Women deciding whether to get breast reconstruction after a mastectomy may not have all the facts needed to make an informed decision, a small U.S. study suggests.

Researchers analyzed survey responses from 126 women undergoing mastectomies and found most of them reported discussing reconstruction with their doctors, but only 58 percent recalled specific conversations about the benefits of this option and just 28 percent remembered talking about the risks.

"If patients don't fully understand their options, they may make a choice that is not truly what they will be happy with," said lead study author Dr. Clara Nan-hi Lee of the University of North Carolina (UNC) Chapel Hill.

The main risks women should consider are complications such as delayed healing or infections, the potential for repeat surgery and the longer recovery period, Lee said by email. The biggest benefits can be improved satisfaction with post-mastectomy body image and eliminating the need to wear a prosthesis, Lee added.

Most women with breast cancer have some type of surgery - either a lumpectomy that removes malignant tissue while sparing the rest of the breast or a mastectomy that removes the entire breast. After surgery, many of them also receive chemotherapy to destroy any remaining abnormal cells and reduce the risk of cancer coming back.

Many women who get a mastectomy don't immediately get breast reconstruction, however, sometimes due to a mistaken belief that this might delay detection of cancer recurrence in the future.

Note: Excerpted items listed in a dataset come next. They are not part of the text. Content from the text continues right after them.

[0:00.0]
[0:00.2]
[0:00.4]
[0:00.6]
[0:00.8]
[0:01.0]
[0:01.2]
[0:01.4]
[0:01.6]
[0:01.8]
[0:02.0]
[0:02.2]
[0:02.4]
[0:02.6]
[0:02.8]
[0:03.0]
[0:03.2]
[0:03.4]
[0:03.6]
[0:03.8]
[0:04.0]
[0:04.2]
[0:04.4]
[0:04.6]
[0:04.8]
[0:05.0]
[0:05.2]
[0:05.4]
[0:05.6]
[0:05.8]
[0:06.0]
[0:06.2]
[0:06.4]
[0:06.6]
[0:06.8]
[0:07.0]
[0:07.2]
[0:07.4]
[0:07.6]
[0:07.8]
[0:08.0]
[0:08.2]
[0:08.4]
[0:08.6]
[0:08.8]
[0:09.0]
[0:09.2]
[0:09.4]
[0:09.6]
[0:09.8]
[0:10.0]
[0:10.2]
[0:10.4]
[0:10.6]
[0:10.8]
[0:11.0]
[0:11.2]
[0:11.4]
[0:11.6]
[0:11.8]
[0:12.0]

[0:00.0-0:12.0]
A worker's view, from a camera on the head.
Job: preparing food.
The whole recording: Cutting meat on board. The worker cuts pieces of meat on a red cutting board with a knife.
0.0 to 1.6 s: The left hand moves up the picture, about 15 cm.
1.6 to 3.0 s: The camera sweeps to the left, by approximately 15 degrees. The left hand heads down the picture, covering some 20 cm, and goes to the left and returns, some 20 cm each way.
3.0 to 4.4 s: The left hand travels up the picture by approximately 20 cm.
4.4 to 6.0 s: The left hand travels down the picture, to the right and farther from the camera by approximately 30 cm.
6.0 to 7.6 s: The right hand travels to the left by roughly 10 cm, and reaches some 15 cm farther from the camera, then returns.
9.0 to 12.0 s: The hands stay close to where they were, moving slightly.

To assess how well women understood the pros and cons of reconstruction, Lee and colleagues reviewed survey data from women who had mastectomies at the North Carolina Cancer Hospital, which is affiliated with UNC.

The women answered multiple-choice questions about their knowledge of reconstruction. Overall, the average score on the questions was about 59 percent.

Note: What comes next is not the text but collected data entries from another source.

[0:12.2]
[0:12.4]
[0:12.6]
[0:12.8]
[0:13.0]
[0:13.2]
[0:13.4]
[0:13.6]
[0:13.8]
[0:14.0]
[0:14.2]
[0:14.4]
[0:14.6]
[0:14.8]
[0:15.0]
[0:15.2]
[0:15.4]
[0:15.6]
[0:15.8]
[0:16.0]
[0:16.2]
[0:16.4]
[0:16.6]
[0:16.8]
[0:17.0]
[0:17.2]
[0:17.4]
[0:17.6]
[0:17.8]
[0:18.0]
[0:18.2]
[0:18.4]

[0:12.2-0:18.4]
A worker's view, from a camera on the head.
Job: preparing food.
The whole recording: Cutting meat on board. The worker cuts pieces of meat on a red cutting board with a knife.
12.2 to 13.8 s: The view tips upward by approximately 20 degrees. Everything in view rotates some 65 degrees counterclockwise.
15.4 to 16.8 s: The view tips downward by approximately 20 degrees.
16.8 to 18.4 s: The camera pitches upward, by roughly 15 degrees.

Seven out of 10 women provided correct responses to at least half the questions.

Knowledge was much worse, however, when it came to the risks of reconstruction. Just 14 percent of participants knew that the risk of major complications within the first two years after surgery was 16 to 40 percent. Most of the time, women underestimated the risk.

In addition, just four in 10 participants knew that women tend to be equally satisfied after a mastectomy whether or not they get reconstruction.

Just six in 10 women knew that reconstruction doesn't affect cancer detection in future screenings.

And, while reconstruction doesn't influence the odds of cancer returning, only three quarters of women correctly provided this response.

Limitations of the study include its reliance on participants from a single clinic, as well as a population of women who may be better educated and wealthier than a typical breast cancer patient, the authors note in the Annals of Surgery.

While more research is needed to better understand how well women comprehend their options after a mastectomy, the findings suggest that women may not be getting all the facts they need to make an informed decision, the authors conclude.

The choice about reconstruction may be a largely personal one, but some characteristics can also make patients better or worse candidates for this option, said Dr. Lisa Schneider, a surgeon at the Institute for Advanced Reconstruction at The Plastic Surgery Center in Shrewsbury, New Jersey.

Women who are younger with a normal body weight and no major medical problems other than cancer may be better candidates for reconstruction, Schneider, who wasn't involved in the study, said by email.

Patients who are elderly or obese, smokers, or who have health problems such as diabetes or bleeding disorders might not be good candidates for surgery, Schneider said. Some women with very aggressive or advanced tumors might also want to get additional chemotherapy or radiation prior to breast reconstruction.